Either through acquisition or divestiture, mid-sized companies across the industry are being eliminated at a quickening pace. Just in the past few weeks, Stiefel, Nycomed, Solvay, Ranbaxy. From the past few years, MedImmune, Millenium, Imclone. How long is it until the remaining successful mid-sized companies in our industry are gobbled up: Allergan, Shire, Biogen IDEC, Genzyme.

For certain, acquisition is a normal part of any industry’s move into maturity. Smaller companies see it as a natural exit strategy for their investors. Bigger companies use business development to expand their business rapidly apart from organic growth. Yet, the supply & demand must always match to avoid any disruption in the industry landscape. Big companies overfeeding on M&A activity can suffocate innovation and disrupt the entrepreneurial food chain.

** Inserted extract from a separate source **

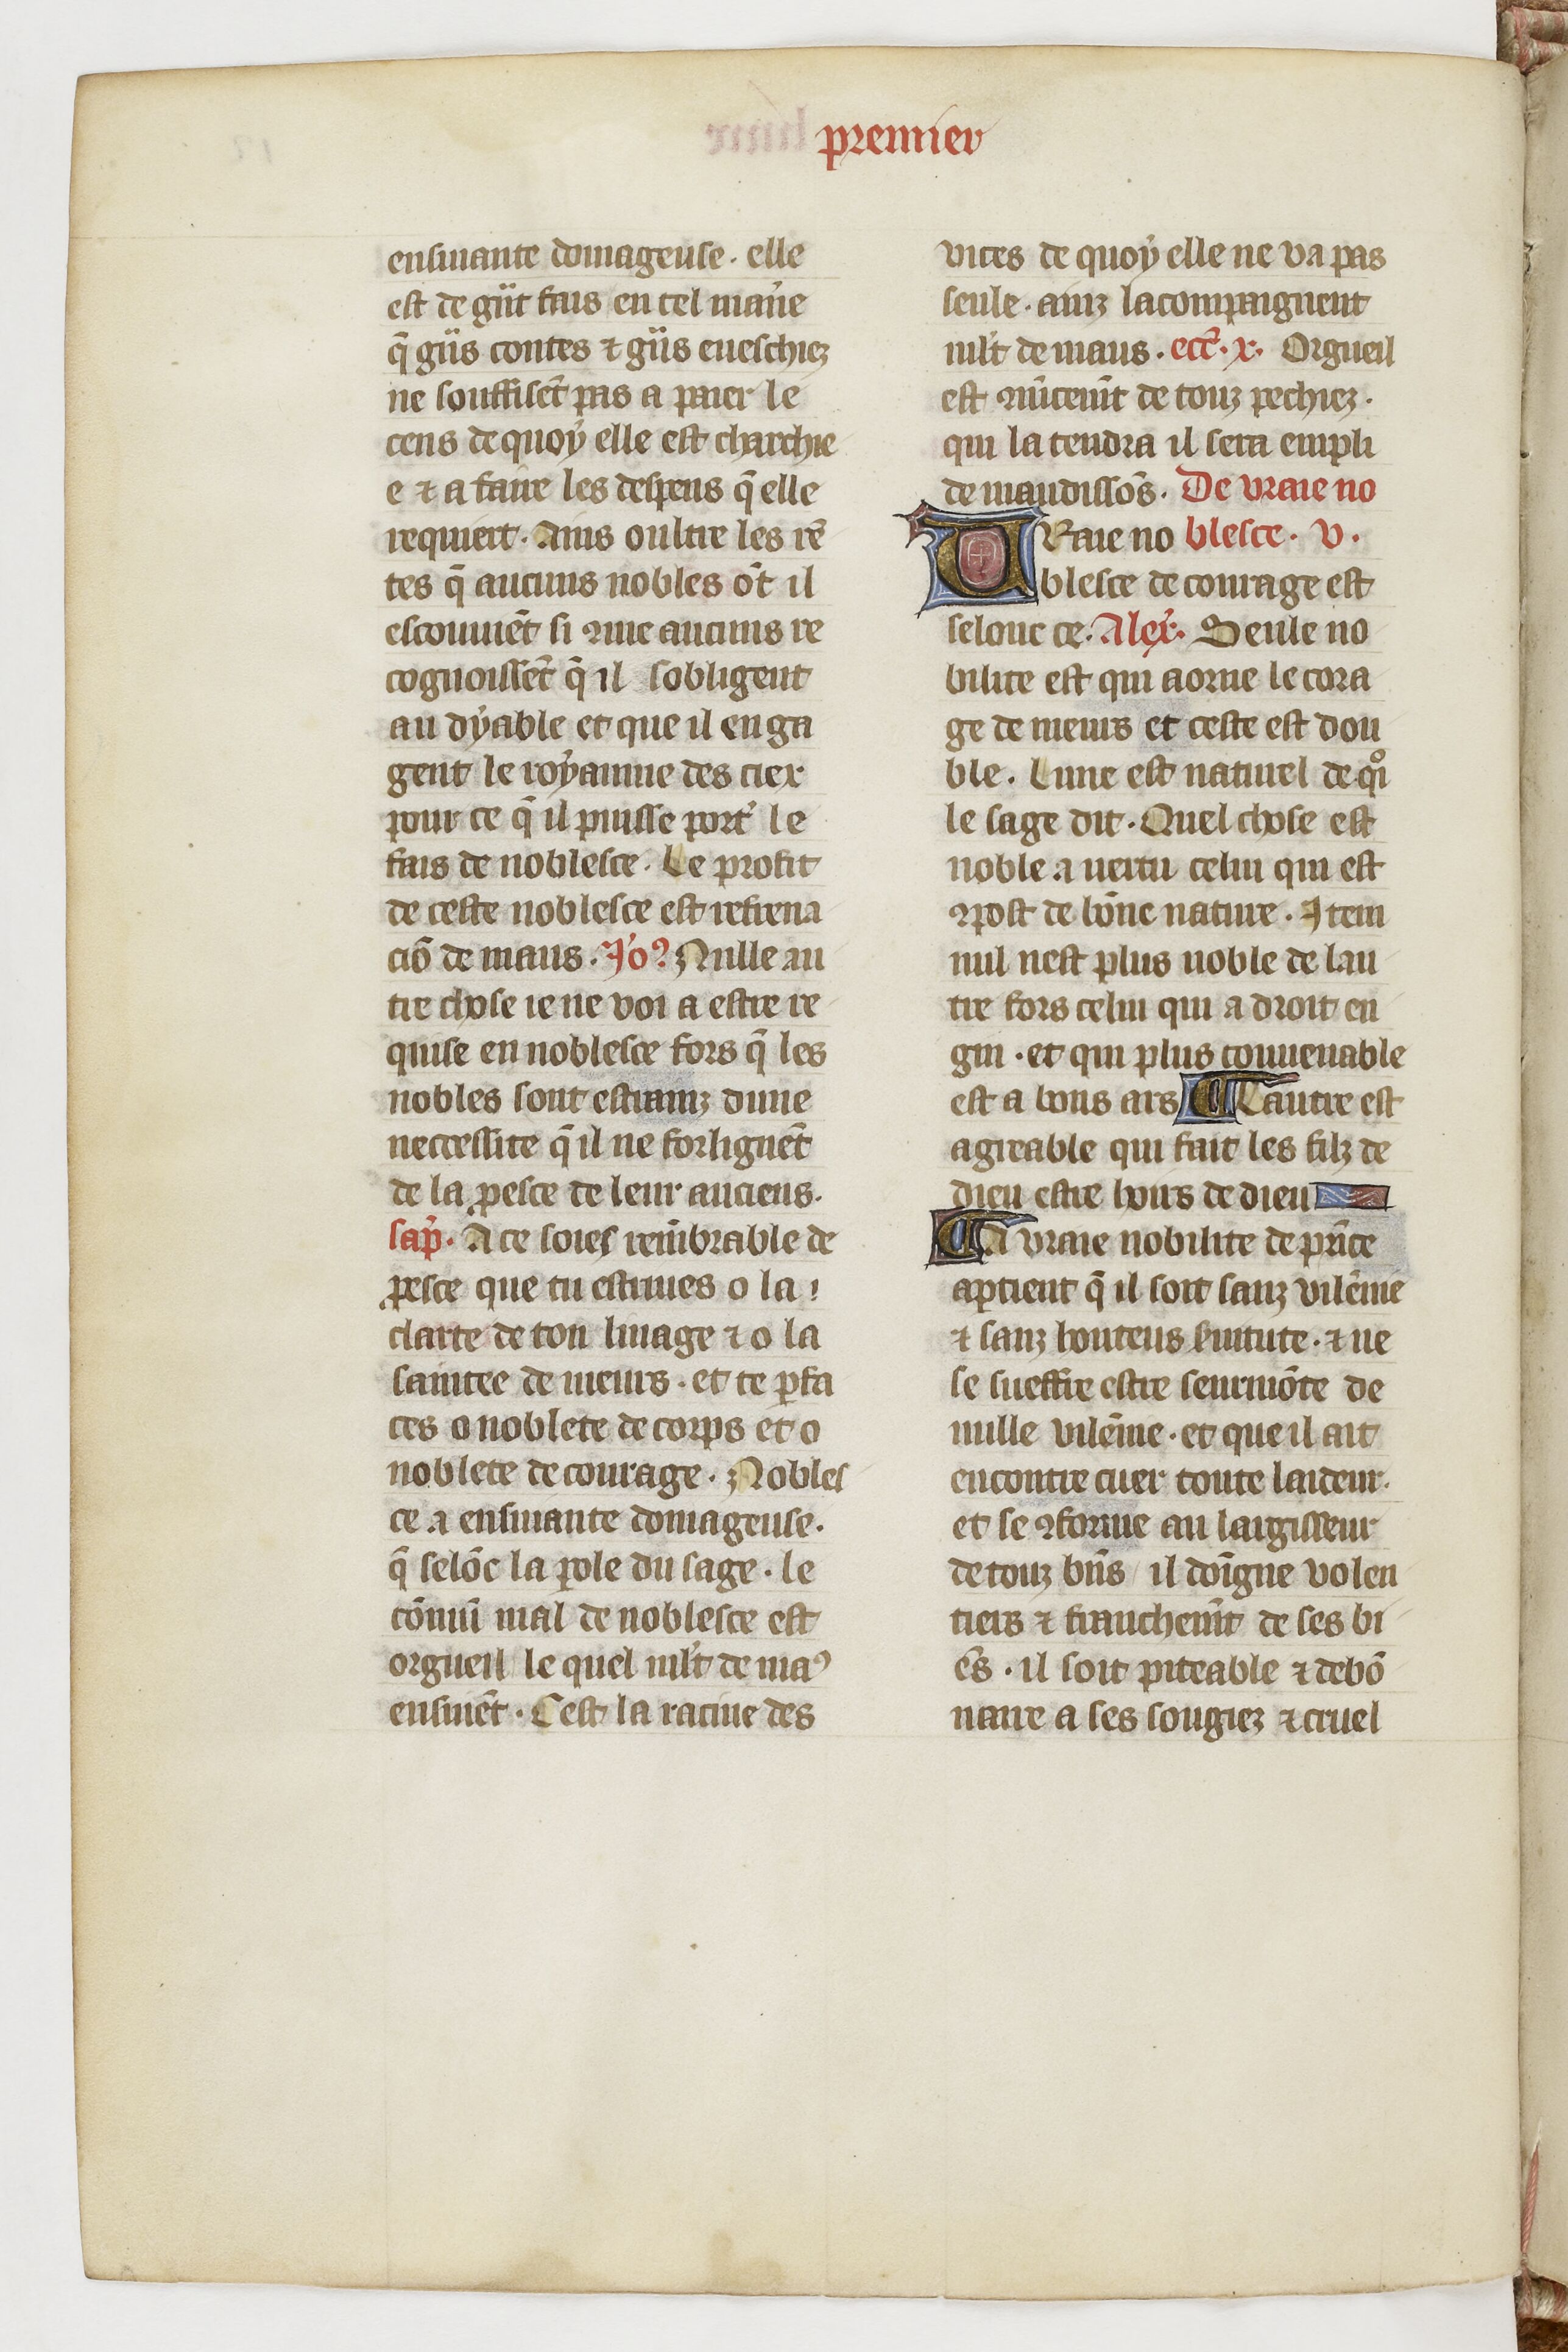
Shelfmark: Paris, BnF, fr. 1728
Century: 14

Luckily, the consolidation has not been as aggressive in the medical device & diagnostics sector, although J&J and Abbott continue to bolster their ranks through acquisition on a regular basis. Just a few years ago, the problem was more evident, with Medtronic & Boston Scientific in a horserace to see who could acquire more small technologies to round out their device portfolios. Now that pace seems to have settled.

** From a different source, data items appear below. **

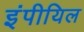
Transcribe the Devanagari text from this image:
इंपीयिल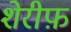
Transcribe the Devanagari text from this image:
शेरीफ़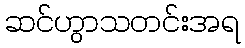
ဆင်ဟွာသတင်းအရ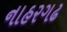
નાહરગઢ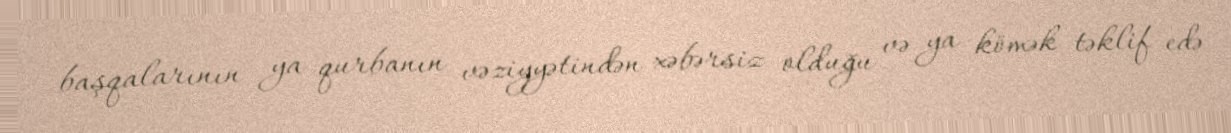
başqalarının ya qurbanın vəziyyətindən xəbərsiz olduğu və ya kömək təklif edə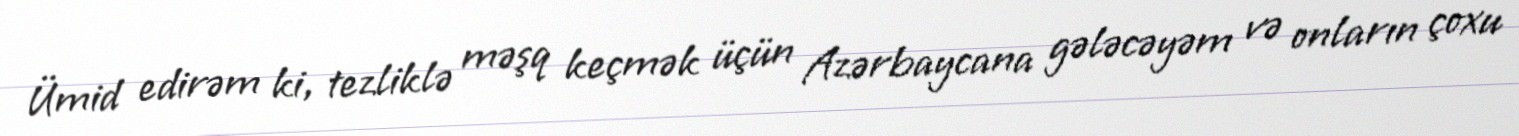
Ümid edirəm ki, tezliklə məşq keçmək üçün Azərbaycana gələcəyəm və onların çoxu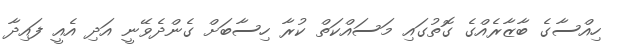
ހިއްސާގެ ބާޒާރެއްގެ ގޮތުގައި މަސައްކަތް ކުރާ ހިސާބަށް ގެންދެވޭނީ އަދި އެއީ ފައިދާ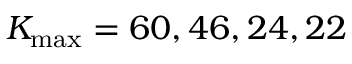
K _ { \operatorname* { m a x } } = 6 0 , 4 6 , 2 4 , 2 2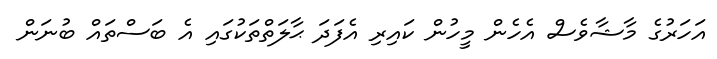
އަހަރުގެ މާޝާވެސް އެހެން މީހުން ކައިރި އެފަދަ ޙާލަތްތަކުގައި އެ ބަސްތައް ބުނަން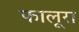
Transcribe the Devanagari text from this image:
फालूरा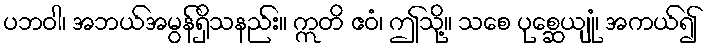
ပဘဝါ၊ အဘယ်အမွန်ရှိသနည်း။ ဣတိ ဧဝံ၊ ဤသို့။ သစေ ပုစ္ဆေယျုံ၊ အကယ်၍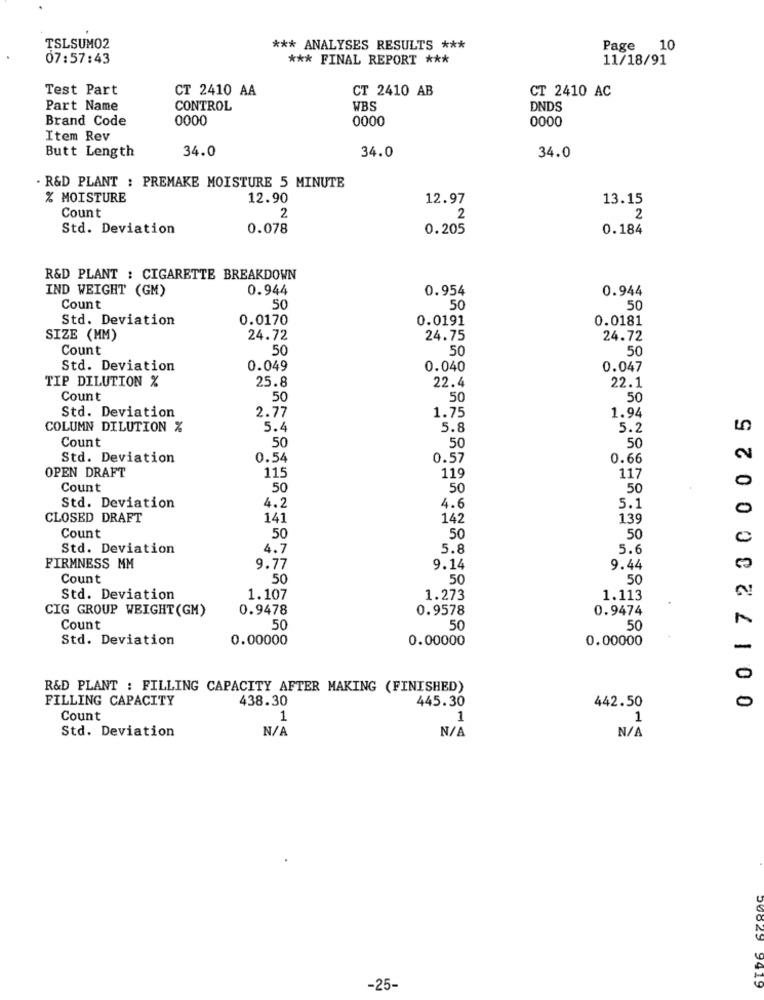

Whatever the case, the life sciences industry is getting smaller, in terms of the number of companies operating in it. And especially across the pharmaceutical industry, the middle class is dissolving, leaving us with a limited society of aristocratic conglomerates that dominate the landscape.

And with cash-rich carnivores at the top of the food chain, the trend looks likely to continue. The result is a consolidating life sciences industry that is starting to look skinny around the middle.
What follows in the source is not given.